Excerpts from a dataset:
-*-

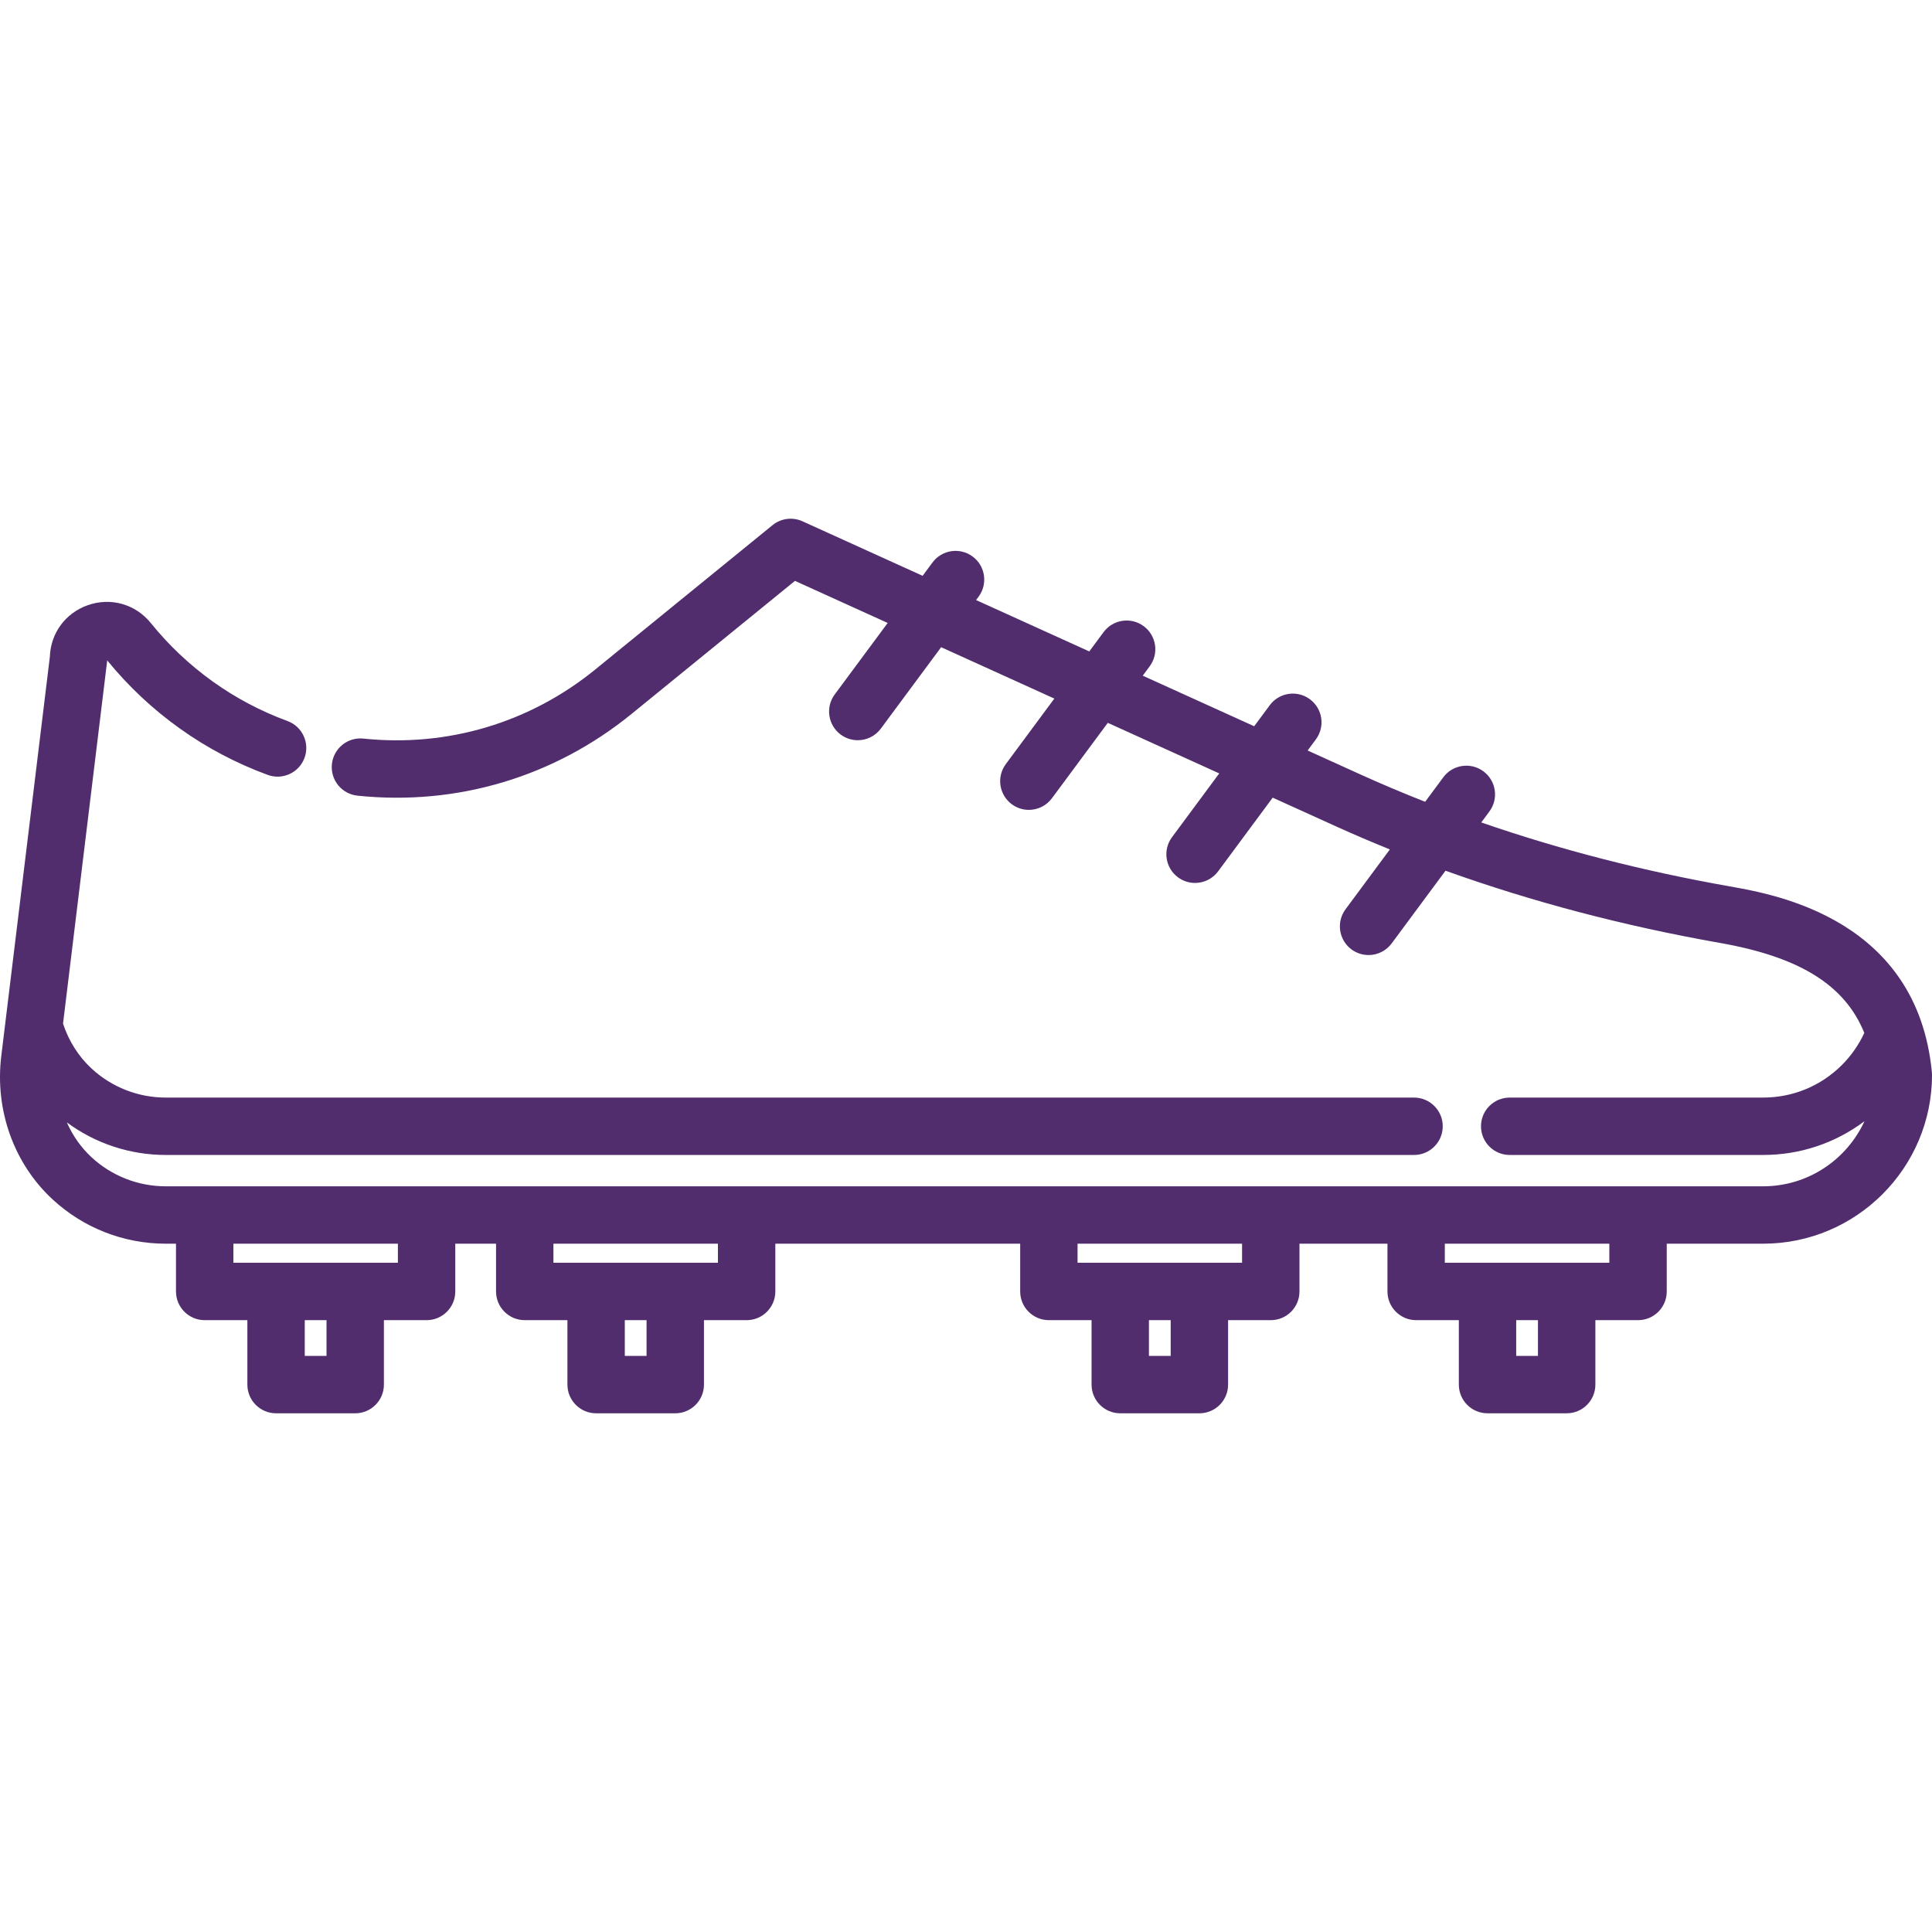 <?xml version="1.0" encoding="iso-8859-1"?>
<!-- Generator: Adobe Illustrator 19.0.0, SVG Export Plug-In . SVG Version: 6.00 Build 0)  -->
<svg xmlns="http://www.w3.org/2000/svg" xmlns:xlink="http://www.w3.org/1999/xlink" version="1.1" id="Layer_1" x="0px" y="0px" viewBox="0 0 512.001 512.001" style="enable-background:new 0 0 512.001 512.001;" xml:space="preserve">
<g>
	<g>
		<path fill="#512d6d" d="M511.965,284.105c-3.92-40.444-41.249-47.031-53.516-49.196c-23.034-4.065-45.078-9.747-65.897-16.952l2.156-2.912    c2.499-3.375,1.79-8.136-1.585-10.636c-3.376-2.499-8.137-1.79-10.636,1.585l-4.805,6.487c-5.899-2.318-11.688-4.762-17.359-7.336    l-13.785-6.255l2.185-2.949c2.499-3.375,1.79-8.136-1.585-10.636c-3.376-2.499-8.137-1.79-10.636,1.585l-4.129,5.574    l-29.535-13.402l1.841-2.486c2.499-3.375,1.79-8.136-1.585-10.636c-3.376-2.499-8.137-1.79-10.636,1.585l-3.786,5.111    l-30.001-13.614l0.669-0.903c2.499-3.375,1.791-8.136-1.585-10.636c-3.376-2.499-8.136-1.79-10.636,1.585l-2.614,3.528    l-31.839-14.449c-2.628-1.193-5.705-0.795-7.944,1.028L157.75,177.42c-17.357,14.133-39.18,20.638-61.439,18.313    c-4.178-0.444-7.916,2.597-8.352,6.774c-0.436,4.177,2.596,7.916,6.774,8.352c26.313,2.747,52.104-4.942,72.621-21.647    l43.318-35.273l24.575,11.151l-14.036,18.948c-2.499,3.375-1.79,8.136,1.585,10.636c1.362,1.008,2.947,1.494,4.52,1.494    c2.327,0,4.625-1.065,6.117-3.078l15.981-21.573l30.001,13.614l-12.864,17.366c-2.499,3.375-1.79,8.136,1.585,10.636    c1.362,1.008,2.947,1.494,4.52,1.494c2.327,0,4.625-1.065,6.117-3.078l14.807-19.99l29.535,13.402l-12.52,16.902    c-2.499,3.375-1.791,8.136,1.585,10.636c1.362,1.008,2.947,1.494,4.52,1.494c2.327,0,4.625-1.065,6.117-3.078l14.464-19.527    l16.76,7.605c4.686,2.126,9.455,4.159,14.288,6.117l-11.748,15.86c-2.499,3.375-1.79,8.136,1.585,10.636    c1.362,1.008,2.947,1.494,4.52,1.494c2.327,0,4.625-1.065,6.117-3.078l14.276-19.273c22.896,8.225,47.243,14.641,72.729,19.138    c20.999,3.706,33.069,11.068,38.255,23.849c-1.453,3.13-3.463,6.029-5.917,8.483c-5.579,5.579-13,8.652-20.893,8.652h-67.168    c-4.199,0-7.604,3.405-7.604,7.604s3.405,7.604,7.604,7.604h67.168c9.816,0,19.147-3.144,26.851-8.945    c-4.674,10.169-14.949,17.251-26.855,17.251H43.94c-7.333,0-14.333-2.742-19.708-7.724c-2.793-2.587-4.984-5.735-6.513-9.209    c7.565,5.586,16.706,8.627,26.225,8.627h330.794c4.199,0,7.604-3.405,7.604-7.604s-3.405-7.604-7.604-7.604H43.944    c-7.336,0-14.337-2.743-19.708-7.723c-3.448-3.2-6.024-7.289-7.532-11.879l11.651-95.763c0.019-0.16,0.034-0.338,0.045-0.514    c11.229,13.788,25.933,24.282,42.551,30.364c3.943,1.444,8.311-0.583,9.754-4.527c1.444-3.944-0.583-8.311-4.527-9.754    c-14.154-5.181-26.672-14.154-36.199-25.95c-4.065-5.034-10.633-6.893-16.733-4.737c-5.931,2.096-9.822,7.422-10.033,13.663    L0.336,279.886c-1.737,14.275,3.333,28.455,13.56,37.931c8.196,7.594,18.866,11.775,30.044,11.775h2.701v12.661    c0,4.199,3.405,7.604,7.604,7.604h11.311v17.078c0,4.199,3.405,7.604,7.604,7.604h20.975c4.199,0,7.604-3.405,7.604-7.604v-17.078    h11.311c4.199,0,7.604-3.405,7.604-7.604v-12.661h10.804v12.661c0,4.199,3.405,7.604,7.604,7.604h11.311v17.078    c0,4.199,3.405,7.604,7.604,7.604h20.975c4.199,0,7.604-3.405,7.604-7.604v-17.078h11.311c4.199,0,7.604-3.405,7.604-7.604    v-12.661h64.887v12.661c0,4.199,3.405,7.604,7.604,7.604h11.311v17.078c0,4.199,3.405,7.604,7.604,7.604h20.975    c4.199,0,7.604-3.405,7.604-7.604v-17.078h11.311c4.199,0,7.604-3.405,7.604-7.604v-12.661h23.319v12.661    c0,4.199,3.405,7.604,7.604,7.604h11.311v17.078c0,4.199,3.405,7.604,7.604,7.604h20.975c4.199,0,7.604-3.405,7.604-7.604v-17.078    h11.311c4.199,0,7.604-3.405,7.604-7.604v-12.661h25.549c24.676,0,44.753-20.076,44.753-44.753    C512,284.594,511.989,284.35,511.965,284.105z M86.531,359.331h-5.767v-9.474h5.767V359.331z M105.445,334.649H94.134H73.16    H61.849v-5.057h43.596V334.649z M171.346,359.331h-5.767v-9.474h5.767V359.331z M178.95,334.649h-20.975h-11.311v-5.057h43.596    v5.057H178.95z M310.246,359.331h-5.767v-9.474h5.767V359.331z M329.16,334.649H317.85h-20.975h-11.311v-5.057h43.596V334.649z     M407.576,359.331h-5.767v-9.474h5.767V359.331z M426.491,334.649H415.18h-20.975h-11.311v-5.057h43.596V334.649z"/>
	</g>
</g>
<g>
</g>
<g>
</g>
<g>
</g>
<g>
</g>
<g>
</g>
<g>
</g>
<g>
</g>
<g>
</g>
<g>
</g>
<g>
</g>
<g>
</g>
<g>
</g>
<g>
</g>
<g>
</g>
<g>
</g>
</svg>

-*-

Transcribe all the records above word for word, without their images.

 <?xml version="1.0" encoding="iso-8859-1"?>
<!-- Generator: Adobe Illustrator 19.0.0, SVG Export Plug-In . SVG Version: 6.00 Build 0)  -->
<svg xmlns="http://www.w3.org/2000/svg" xmlns:xlink="http://www.w3.org/1999/xlink" version="1.1" id="Layer_1" x="0px" y="0px" viewBox="0 0 512.001 512.001" style="enable-background:new 0 0 512.001 512.001;" xml:space="preserve">
<g>
	<g>
		<path fill="#512d6d" d="M511.965,284.105c-3.92-40.444-41.249-47.031-53.516-49.196c-23.034-4.065-45.078-9.747-65.897-16.952l2.156-2.912    c2.499-3.375,1.79-8.136-1.585-10.636c-3.376-2.499-8.137-1.79-10.636,1.585l-4.805,6.487c-5.899-2.318-11.688-4.762-17.359-7.336    l-13.785-6.255l2.185-2.949c2.499-3.375,1.79-8.136-1.585-10.636c-3.376-2.499-8.137-1.79-10.636,1.585l-4.129,5.574    l-29.535-13.402l1.841-2.486c2.499-3.375,1.79-8.136-1.585-10.636c-3.376-2.499-8.137-1.79-10.636,1.585l-3.786,5.111    l-30.001-13.614l0.669-0.903c2.499-3.375,1.791-8.136-1.585-10.636c-3.376-2.499-8.136-1.79-10.636,1.585l-2.614,3.528    l-31.839-14.449c-2.628-1.193-5.705-0.795-7.944,1.028L157.75,177.42c-17.357,14.133-39.18,20.638-61.439,18.313    c-4.178-0.444-7.916,2.597-8.352,6.774c-0.436,4.177,2.596,7.916,6.774,8.352c26.313,2.747,52.104-4.942,72.621-21.647    l43.318-35.273l24.575,11.151l-14.036,18.948c-2.499,3.375-1.79,8.136,1.585,10.636c1.362,1.008,2.947,1.494,4.52,1.494    c2.327,0,4.625-1.065,6.117-3.078l15.981-21.573l30.001,13.614l-12.864,17.366c-2.499,3.375-1.79,8.136,1.585,10.636    c1.362,1.008,2.947,1.494,4.52,1.494c2.327,0,4.625-1.065,6.117-3.078l14.807-19.99l29.535,13.402l-12.52,16.902    c-2.499,3.375-1.791,8.136,1.585,10.636c1.362,1.008,2.947,1.494,4.52,1.494c2.327,0,4.625-1.065,6.117-3.078l14.464-19.527    l16.76,7.605c4.686,2.126,9.455,4.159,14.288,6.117l-11.748,15.86c-2.499,3.375-1.79,8.136,1.585,10.636    c1.362,1.008,2.947,1.494,4.52,1.494c2.327,0,4.625-1.065,6.117-3.078l14.276-19.273c22.896,8.225,47.243,14.641,72.729,19.138    c20.999,3.706,33.069,11.068,38.255,23.849c-1.453,3.13-3.463,6.029-5.917,8.483c-5.579,5.579-13,8.652-20.893,8.652h-67.168    c-4.199,0-7.604,3.405-7.604,7.604s3.405,7.604,7.604,7.604h67.168c9.816,0,19.147-3.144,26.851-8.945    c-4.674,10.169-14.949,17.251-26.855,17.251H43.94c-7.333,0-14.333-2.742-19.708-7.724c-2.793-2.587-4.984-5.735-6.513-9.209    c7.565,5.586,16.706,8.627,26.225,8.627h330.794c4.199,0,7.604-3.405,7.604-7.604s-3.405-7.604-7.604-7.604H43.944    c-7.336,0-14.337-2.743-19.708-7.723c-3.448-3.2-6.024-7.289-7.532-11.879l11.651-95.763c0.019-0.16,0.034-0.338,0.045-0.514    c11.229,13.788,25.933,24.282,42.551,30.364c3.943,1.444,8.311-0.583,9.754-4.527c1.444-3.944-0.583-8.311-4.527-9.754    c-14.154-5.181-26.672-14.154-36.199-25.95c-4.065-5.034-10.633-6.893-16.733-4.737c-5.931,2.096-9.822,7.422-10.033,13.663    L0.336,279.886c-1.737,14.275,3.333,28.455,13.56,37.931c8.196,7.594,18.866,11.775,30.044,11.775h2.701v12.661    c0,4.199,3.405,7.604,7.604,7.604h11.311v17.078c0,4.199,3.405,7.604,7.604,7.604h20.975c4.199,0,7.604-3.405,7.604-7.604v-17.078    h11.311c4.199,0,7.604-3.405,7.604-7.604v-12.661h10.804v12.661c0,4.199,3.405,7.604,7.604,7.604h11.311v17.078    c0,4.199,3.405,7.604,7.604,7.604h20.975c4.199,0,7.604-3.405,7.604-7.604v-17.078h11.311c4.199,0,7.604-3.405,7.604-7.604    v-12.661h64.887v12.661c0,4.199,3.405,7.604,7.604,7.604h11.311v17.078c0,4.199,3.405,7.604,7.604,7.604h20.975    c4.199,0,7.604-3.405,7.604-7.604v-17.078h11.311c4.199,0,7.604-3.405,7.604-7.604v-12.661h23.319v12.661    c0,4.199,3.405,7.604,7.604,7.604h11.311v17.078c0,4.199,3.405,7.604,7.604,7.604h20.975c4.199,0,7.604-3.405,7.604-7.604v-17.078    h11.311c4.199,0,7.604-3.405,7.604-7.604v-12.661h25.549c24.676,0,44.753-20.076,44.753-44.753    C512,284.594,511.989,284.35,511.965,284.105z M86.531,359.331h-5.767v-9.474h5.767V359.331z M105.445,334.649H94.134H73.16    H61.849v-5.057h43.596V334.649z M171.346,359.331h-5.767v-9.474h5.767V359.331z M178.95,334.649h-20.975h-11.311v-5.057h43.596    v5.057H178.95z M310.246,359.331h-5.767v-9.474h5.767V359.331z M329.16,334.649H317.85h-20.975h-11.311v-5.057h43.596V334.649z     M407.576,359.331h-5.767v-9.474h5.767V359.331z M426.491,334.649H415.18h-20.975h-11.311v-5.057h43.596V334.649z"/>
	</g>
</g>
<g>
</g>
<g>
</g>
<g>
</g>
<g>
</g>
<g>
</g>
<g>
</g>
<g>
</g>
<g>
</g>
<g>
</g>
<g>
</g>
<g>
</g>
<g>
</g>
<g>
</g>
<g>
</g>
<g>
</g>
</svg>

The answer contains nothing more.